- Opening Delimiter -

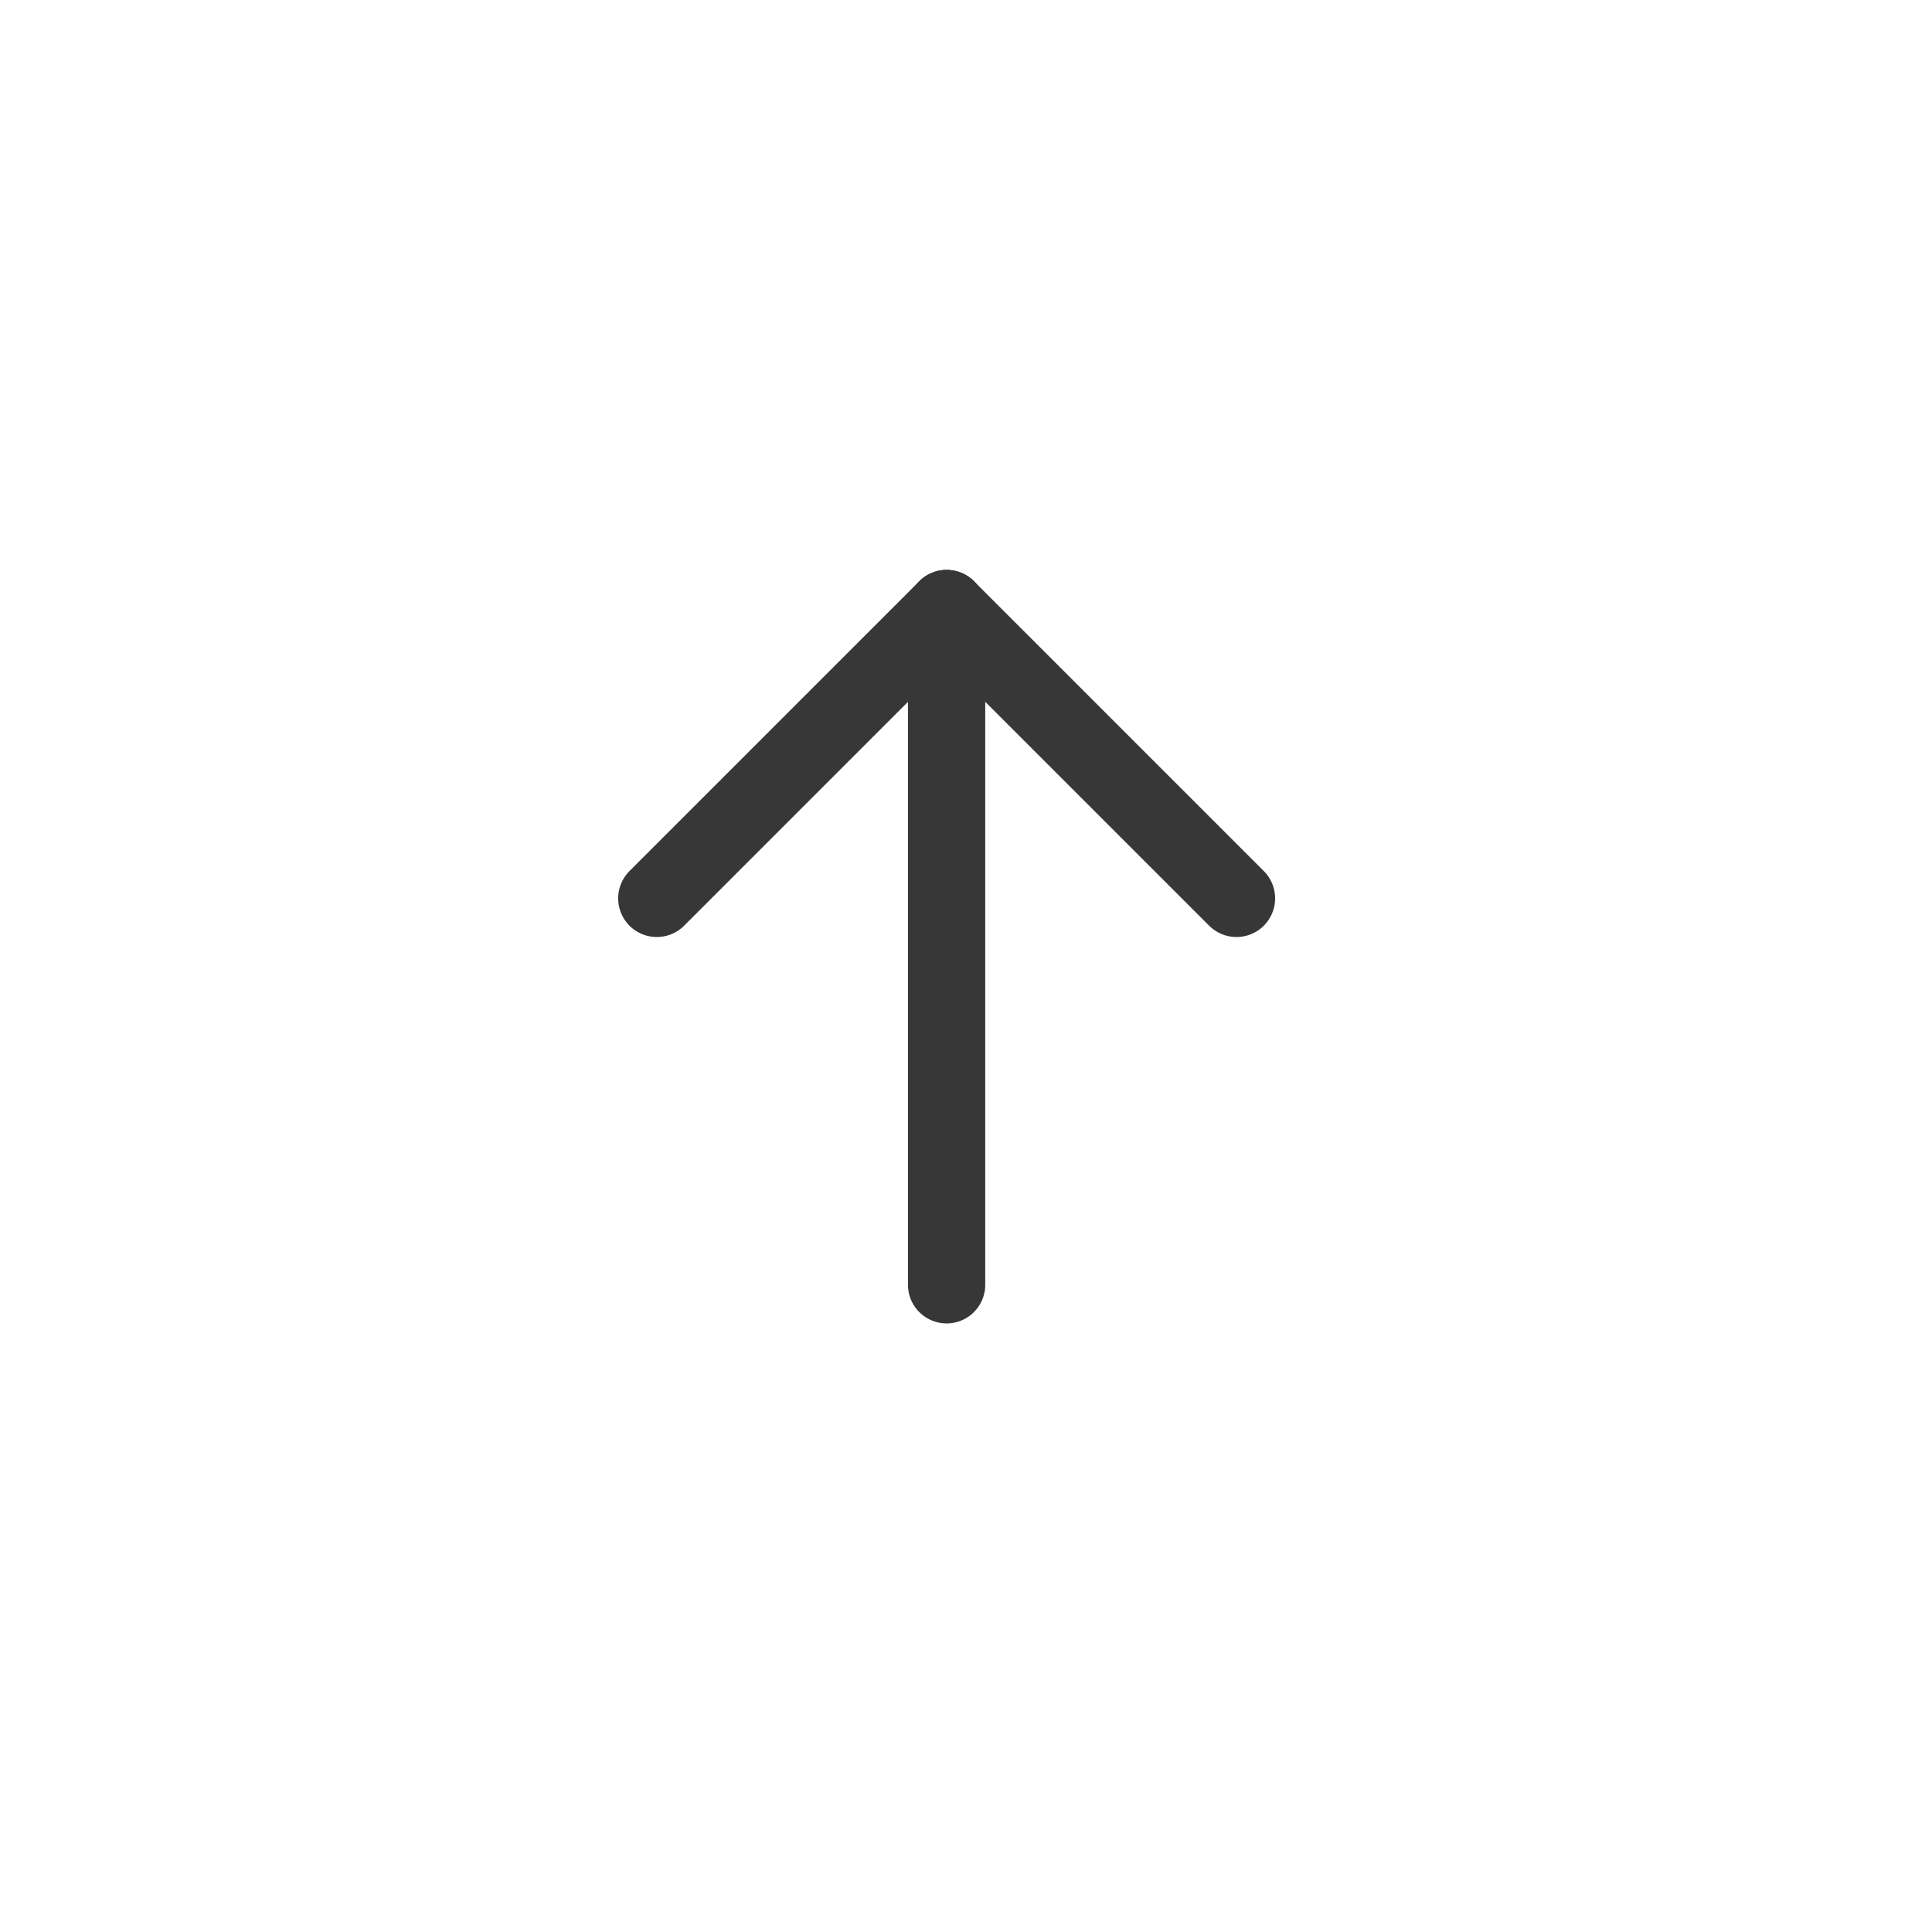 <svg width="50" height="50" viewBox="0 0 50 50" fill="none" xmlns="http://www.w3.org/2000/svg">
<g filter="url(#filter0_b_1_2)">
<circle cx="25" cy="25" r="25" fill="white" fill-opacity="0.67"/>
</g>
<path d="M24.498 33.25L24.498 15.75" stroke="#373737" stroke-width="2" stroke-linecap="round" stroke-linejoin="round"/>
<path d="M16.998 23.25L24.498 15.75" stroke="#373737" stroke-width="2" stroke-linecap="round" stroke-linejoin="round"/>
<path d="M32 23.25L24.5 15.75" stroke="#373737" stroke-width="2" stroke-linecap="round" stroke-linejoin="round"/>
<defs>
<filter id="filter0_b_1_2" x="-3" y="-3" width="56" height="56" filterUnits="userSpaceOnUse" color-interpolation-filters="sRGB">
<feFlood flood-opacity="0" result="BackgroundImageFix"/>
<feGaussianBlur in="BackgroundImageFix" stdDeviation="1.5"/>
<feComposite in2="SourceAlpha" operator="in" result="effect1_backgroundBlur_1_2"/>
<feBlend mode="normal" in="SourceGraphic" in2="effect1_backgroundBlur_1_2" result="shape"/>
</filter>
</defs>
</svg>

- Closing Delimiter -

**EXERCISE GOAL**
Nothing but the records, repeated exactly and stripped of pictures, should appear in the answer.

**OUTPUT BELOW**
 <svg width="50" height="50" viewBox="0 0 50 50" fill="none" xmlns="http://www.w3.org/2000/svg">
<g filter="url(#filter0_b_1_2)">
<circle cx="25" cy="25" r="25" fill="white" fill-opacity="0.67"/>
</g>
<path d="M24.498 33.25L24.498 15.75" stroke="#373737" stroke-width="2" stroke-linecap="round" stroke-linejoin="round"/>
<path d="M16.998 23.25L24.498 15.75" stroke="#373737" stroke-width="2" stroke-linecap="round" stroke-linejoin="round"/>
<path d="M32 23.25L24.5 15.75" stroke="#373737" stroke-width="2" stroke-linecap="round" stroke-linejoin="round"/>
<defs>
<filter id="filter0_b_1_2" x="-3" y="-3" width="56" height="56" filterUnits="userSpaceOnUse" color-interpolation-filters="sRGB">
<feFlood flood-opacity="0" result="BackgroundImageFix"/>
<feGaussianBlur in="BackgroundImageFix" stdDeviation="1.5"/>
<feComposite in2="SourceAlpha" operator="in" result="effect1_backgroundBlur_1_2"/>
<feBlend mode="normal" in="SourceGraphic" in2="effect1_backgroundBlur_1_2" result="shape"/>
</filter>
</defs>
</svg>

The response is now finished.